In [96]:
#  Import statements for start
import pandas as pd
import numpy as np
import matplotlib.pyplot as plt
import psycopg2
import seaborn as sns
import re
from typing import List, Dict

In [94]:
# Connect to PostgreSQL database to access dataset

# Connection details
dbname = "cse214"
user = "sahil"
host="localhost"
port="5432"

# Initialize connection
conn = psycopg2.connect(
        dbname=dbname,
        user=user,
        host=host,
        port=port
    )
print("Connection Successful")

Connection Successful


In [143]:
class SQLParser:
    def __init__(self, query, connection):
        self.query = query
        self.tables = []
        self.predicates = []
        self.joins = []
        self.columns = []

    def parse(self):
        from_pattern = r"FROM\s+(\w+)\s+\w+"
        join_pattern = r"JOIN\s+(\w+)\s+\w+"
        self.tables.extend(re.findall(from_pattern, self.query))
        self.tables.extend(re.findall(join_pattern, self.query))

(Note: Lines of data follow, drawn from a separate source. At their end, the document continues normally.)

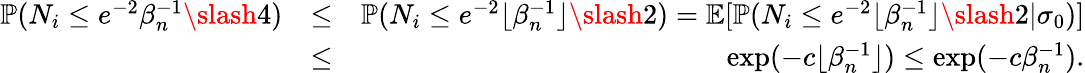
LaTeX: \begin{array}{rlr}{\mathbb{P}(N_{i}\leq e^{-2}\beta_{n}^{-1}\slash 4)}&{\leq}&{\mathbb{P}(N_{i}\leq e^{-2}\lfloor\beta_{n}^{-1}\rfloor\slash 2)=\mathbb{E}[\mathbb{P}(N_{i}\leq e^{-2}\lfloor\beta_{n}^{-1}\rfloor\slash 2|\sigma_{0})]}\\ &{\leq}&{\exp(-c\lfloor\beta_{n}^{-1}\rfloor)\leq\exp(-c\beta_{n}^{-1}).}\end{array}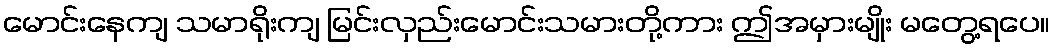
မောင်းနေကျ သမာရိုးကျ မြင်းလှည်းမောင်းသမားတို့ကား ဤအမှားမျိုး မတွေ့ရပေ။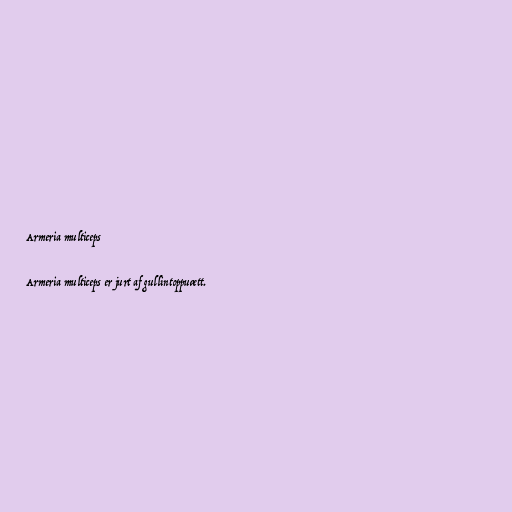
Armeria multiceps

Armeria multiceps er jurt af gullintoppuætt.

        join_condition_pattern = r"ON\s+([\w.]+)\s*=\s*([\w.]+)"
        join_conditions = re.findall(join_condition_pattern, self.query)
        self.joins.extend(join_conditions)
        self._extract_columns_from_joins(join_conditions)

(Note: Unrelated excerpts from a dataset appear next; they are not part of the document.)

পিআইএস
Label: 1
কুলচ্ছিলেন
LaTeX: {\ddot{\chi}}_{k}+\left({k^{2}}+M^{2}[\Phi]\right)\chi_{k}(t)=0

        where_pattern = r"WHERE\s+(.+)"
        where_match = re.search(where_pattern, self.query)
        if where_match:
            predicates = where_match.group(1).split("AND")
            self.predicates.extend([pred.strip() for pred in predicates])
            self._extract_columns_from_predicates(predicates)

    def _extract_columns_from_joins(self, join_conditions):
        for left_col, right_col in join_conditions:
            left_column_name = self._extract_column_name(left_col)
            right_column_name = self._extract_column_name(right_col)
    
            if left_column_name not in self.columns:
                self.columns.append(left_column_name)
            if right_column_name not in self.columns:
                self.columns.append(right_column_name)
    
    def _extract_columns_from_predicates(self, predicates):
        column_pattern = r"([\w.]+)\s*[<>=!]+\s*[\w.]+"
        for predicate in predicates:
            match = re.search(column_pattern, predicate.strip())
            if match:
                column_name = self._extract_column_name(match.group(1))
                if column_name not in self.columns:
                    self.columns.append(column_name)
    
    def _extract_column_name(self, column: str) -> str:
        return column.split(".")[-1]


    def get_parsed_data(self) -> Dict[str, List]:
        return {
            "tables": self.tables,
            "joins": [" = ".join(join) for join in self.joins],
            "predicates": self.predicates,
            "columns": self.columns
        }

In [144]:
query = """
SELECT * 
FROM e_small e1 
JOIN edges e2 
ON e1.target = e2.source 
WHERE e1.source = 1000 AND e2.target < 500;
"""
parser = SQLParser(query, conn)
parse = parser.parse()
parsed_data = parser.get_parsed_data()

print("Tables:", parsed_data["tables"])
print("Joins:", parsed_data["joins"])
print("Predicates:", parsed_data["predicates"])
print("Columns:", parsed_data["columns"])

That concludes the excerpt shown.